Above, I said “I originally thought the answer to each of these questions was essentially that we have so little else to go on, and the topic is so important.” I still think that’s not far off the truth. But since starting this database, I discovered Beard et al.’s appendix, which has a variety of other relevant estimates. And I wondered whether that meant this database wouldn’t be useful.

But then I realised that many or most of the relevant estimates from that appendix weren’t mentioned in Ord’s book. And it’s still the case that I’ve seen the 2008 survey estimates many times, and never seen most of the estimates in Beard et al.’s appendix (see this post for an indication that I’m not alone in that). And Beard et al. don’t mention Ord’s estimates (perhaps because it was released a couple months before Ord’s book was), nor a variety of other estimates I found (perhaps because they’re from “informal sources” like 80,000 Hours articles).

So I still think collecting all relevant estimates in one place may be useful. And another benefit is that this database can be updated over time, including via suggestions from readers, so it can hopefully become comprehensive and stay up to date.

So please feel free to:

  • Make your own estimates

  • Take a look through the database as and when you’d find that useful

  • Comment in there regarding estimates or details that could be added, corrections if I made any mistakes, etc.

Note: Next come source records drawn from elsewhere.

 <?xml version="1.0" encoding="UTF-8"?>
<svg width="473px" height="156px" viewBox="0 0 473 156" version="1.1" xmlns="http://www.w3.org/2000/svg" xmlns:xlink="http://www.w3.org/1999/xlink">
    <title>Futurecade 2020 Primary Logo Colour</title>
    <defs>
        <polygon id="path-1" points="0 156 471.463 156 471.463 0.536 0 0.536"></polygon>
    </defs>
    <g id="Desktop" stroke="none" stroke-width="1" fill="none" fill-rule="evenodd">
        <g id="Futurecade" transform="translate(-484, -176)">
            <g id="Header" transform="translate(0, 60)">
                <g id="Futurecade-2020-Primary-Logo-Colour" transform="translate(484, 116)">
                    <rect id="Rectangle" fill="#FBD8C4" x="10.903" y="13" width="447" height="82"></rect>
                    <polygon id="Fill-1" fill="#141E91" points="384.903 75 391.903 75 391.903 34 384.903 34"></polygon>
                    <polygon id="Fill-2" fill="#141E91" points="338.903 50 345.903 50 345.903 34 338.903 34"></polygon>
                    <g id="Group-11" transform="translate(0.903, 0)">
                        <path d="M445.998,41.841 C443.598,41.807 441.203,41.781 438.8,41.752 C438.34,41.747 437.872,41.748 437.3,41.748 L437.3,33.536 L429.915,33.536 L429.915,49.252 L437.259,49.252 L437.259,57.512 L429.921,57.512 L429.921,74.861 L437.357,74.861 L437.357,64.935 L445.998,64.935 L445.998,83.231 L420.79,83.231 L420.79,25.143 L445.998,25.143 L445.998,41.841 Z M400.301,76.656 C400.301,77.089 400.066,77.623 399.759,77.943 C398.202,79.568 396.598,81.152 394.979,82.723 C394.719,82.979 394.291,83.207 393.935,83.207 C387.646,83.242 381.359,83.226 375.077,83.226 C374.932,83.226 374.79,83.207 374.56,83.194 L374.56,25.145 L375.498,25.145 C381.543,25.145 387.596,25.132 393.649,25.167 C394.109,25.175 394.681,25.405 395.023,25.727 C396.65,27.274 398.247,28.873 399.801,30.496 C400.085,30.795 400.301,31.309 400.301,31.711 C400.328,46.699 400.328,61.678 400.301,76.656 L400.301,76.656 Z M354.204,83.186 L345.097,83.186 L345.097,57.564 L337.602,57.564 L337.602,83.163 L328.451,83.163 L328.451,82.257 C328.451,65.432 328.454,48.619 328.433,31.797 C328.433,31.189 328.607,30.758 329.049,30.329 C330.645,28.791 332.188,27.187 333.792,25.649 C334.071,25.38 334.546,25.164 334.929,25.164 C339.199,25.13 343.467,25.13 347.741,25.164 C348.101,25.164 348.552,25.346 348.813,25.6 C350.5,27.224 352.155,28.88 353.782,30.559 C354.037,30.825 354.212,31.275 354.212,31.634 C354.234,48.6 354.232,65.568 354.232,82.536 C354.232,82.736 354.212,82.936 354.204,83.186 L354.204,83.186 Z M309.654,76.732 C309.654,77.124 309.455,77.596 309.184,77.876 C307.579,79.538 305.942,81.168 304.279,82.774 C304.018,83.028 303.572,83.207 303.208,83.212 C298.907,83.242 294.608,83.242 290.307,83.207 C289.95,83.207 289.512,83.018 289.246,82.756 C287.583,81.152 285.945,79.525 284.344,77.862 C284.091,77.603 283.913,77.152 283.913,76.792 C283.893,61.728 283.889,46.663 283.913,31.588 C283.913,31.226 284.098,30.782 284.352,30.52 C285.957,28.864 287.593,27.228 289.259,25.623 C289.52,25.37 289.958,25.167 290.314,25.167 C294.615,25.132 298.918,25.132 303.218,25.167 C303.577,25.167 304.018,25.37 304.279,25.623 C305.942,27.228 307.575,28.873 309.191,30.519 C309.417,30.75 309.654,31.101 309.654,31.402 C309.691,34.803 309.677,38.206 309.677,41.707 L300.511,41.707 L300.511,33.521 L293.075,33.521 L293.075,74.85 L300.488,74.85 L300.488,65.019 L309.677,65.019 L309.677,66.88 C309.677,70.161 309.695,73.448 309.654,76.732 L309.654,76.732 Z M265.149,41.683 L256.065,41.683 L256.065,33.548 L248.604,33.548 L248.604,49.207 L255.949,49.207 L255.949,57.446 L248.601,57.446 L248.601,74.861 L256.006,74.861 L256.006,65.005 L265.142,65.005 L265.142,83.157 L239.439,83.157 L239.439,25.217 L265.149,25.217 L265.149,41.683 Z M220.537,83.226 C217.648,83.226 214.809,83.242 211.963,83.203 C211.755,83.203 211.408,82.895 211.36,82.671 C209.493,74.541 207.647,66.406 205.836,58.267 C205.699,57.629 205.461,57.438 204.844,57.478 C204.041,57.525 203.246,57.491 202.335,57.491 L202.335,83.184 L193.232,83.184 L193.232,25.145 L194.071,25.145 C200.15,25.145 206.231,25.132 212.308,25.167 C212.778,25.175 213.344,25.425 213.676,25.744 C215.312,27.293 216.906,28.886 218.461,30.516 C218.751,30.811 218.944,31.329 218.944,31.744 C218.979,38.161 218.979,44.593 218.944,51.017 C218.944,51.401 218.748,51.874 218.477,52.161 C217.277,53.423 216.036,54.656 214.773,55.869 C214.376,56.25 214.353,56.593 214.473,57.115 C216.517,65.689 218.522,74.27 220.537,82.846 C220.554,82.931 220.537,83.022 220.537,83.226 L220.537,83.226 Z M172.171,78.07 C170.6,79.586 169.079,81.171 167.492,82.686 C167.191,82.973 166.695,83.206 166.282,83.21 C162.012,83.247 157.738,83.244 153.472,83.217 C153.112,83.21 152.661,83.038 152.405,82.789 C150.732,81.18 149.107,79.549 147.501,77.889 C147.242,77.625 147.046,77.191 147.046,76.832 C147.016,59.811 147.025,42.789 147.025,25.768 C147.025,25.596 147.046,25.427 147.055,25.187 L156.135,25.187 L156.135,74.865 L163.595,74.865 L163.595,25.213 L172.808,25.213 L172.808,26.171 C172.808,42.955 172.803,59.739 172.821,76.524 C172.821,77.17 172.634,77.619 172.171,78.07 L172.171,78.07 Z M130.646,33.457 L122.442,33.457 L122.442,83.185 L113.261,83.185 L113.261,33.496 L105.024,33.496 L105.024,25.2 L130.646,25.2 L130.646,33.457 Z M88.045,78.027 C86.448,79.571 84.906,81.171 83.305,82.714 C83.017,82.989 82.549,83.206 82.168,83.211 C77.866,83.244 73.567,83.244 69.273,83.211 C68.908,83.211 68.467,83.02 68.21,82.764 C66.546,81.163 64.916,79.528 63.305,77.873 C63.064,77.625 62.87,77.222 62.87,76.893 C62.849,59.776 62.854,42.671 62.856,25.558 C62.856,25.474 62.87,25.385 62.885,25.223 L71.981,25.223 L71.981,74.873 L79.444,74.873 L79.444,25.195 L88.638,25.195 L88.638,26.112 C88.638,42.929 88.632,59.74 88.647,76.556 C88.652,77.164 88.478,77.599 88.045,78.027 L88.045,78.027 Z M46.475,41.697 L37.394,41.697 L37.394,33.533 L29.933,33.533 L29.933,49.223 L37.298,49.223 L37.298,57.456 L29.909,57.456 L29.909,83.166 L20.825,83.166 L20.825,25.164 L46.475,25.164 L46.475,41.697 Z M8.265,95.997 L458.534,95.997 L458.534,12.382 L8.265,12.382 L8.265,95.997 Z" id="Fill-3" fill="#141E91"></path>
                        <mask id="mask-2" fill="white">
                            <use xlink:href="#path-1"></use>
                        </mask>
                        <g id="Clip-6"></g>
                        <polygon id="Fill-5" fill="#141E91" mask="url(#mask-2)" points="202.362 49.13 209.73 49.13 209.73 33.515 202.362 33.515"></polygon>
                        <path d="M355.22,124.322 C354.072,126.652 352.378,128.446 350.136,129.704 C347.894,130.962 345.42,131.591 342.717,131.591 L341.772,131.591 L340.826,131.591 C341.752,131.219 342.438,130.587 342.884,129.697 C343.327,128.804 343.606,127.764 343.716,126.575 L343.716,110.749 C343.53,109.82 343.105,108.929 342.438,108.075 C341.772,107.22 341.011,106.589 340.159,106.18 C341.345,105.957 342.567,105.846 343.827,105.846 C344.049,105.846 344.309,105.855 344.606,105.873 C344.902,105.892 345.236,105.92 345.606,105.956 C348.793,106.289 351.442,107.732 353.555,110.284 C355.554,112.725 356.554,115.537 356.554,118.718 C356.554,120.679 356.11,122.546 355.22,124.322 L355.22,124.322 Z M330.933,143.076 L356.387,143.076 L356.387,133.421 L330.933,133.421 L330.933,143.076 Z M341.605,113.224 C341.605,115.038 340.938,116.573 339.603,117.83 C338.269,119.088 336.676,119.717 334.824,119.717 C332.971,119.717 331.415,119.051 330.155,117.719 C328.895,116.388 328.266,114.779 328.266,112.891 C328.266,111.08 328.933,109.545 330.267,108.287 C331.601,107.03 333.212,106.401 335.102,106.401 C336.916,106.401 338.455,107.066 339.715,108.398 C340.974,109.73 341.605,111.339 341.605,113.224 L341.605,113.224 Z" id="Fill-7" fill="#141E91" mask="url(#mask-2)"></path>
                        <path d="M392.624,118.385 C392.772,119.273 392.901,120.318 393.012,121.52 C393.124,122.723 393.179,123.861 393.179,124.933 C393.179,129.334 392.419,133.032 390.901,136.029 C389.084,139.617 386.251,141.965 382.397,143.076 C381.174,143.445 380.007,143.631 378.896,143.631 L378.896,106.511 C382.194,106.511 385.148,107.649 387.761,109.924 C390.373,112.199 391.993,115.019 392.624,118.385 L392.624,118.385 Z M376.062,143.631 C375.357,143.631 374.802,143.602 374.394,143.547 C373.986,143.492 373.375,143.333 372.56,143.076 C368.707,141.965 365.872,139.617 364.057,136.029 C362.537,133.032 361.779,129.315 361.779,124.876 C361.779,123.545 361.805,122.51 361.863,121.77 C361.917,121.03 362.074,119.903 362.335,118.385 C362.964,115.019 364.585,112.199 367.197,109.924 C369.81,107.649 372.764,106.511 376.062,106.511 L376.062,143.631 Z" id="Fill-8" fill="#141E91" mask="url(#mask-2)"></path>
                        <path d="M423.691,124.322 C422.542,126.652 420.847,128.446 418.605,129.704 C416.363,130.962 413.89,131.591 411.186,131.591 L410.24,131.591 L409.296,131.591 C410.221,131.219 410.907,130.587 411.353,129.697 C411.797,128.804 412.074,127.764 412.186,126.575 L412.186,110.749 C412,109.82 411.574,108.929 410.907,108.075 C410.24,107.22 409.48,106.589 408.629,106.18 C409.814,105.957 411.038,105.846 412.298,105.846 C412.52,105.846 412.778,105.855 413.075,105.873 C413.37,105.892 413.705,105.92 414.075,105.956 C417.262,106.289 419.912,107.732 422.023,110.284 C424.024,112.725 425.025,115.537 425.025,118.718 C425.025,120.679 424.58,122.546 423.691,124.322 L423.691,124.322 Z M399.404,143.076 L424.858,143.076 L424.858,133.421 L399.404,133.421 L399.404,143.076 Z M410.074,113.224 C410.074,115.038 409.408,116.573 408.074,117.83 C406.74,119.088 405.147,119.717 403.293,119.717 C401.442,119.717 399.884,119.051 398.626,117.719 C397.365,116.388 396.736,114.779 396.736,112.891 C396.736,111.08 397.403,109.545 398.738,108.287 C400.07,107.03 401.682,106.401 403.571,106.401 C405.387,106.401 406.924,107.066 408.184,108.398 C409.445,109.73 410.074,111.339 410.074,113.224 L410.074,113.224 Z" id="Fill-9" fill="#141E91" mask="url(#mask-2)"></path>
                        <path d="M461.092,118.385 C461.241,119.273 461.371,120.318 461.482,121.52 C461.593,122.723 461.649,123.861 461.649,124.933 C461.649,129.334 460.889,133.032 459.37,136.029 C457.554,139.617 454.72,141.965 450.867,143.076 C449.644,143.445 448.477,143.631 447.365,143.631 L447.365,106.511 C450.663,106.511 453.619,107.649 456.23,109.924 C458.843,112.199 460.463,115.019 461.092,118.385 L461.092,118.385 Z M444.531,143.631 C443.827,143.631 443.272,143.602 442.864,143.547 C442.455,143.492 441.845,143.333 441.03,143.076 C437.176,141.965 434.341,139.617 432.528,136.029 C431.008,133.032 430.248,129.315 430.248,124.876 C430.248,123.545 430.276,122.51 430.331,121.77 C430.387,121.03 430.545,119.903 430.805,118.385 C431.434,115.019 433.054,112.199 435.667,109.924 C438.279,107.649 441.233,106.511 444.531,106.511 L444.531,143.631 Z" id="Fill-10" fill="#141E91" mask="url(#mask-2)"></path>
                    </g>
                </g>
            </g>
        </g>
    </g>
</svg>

  • Comment here regarding whether my rationale for this database makes sense, regarding pros, cons, and best practice for existential risk estimates in general, etc.

This post was sort-of inspired by one sentence in a comment by MichaelStJules, so my thanks to him for that. My thanks also to David Kristoffersson for helpful feedback and suggestions.

See also my thoughts on Toby Ord’s existential risk estimates, which are featured in the database.


  1. ↩︎

    For example, it’s referred to in these three 80,000 Hours articles.

  2. ↩︎

    Additionally, Beard et al.’s appendix says the survey had only 13 participants. The original report of the survey’s results doesn’t mention the number of participants.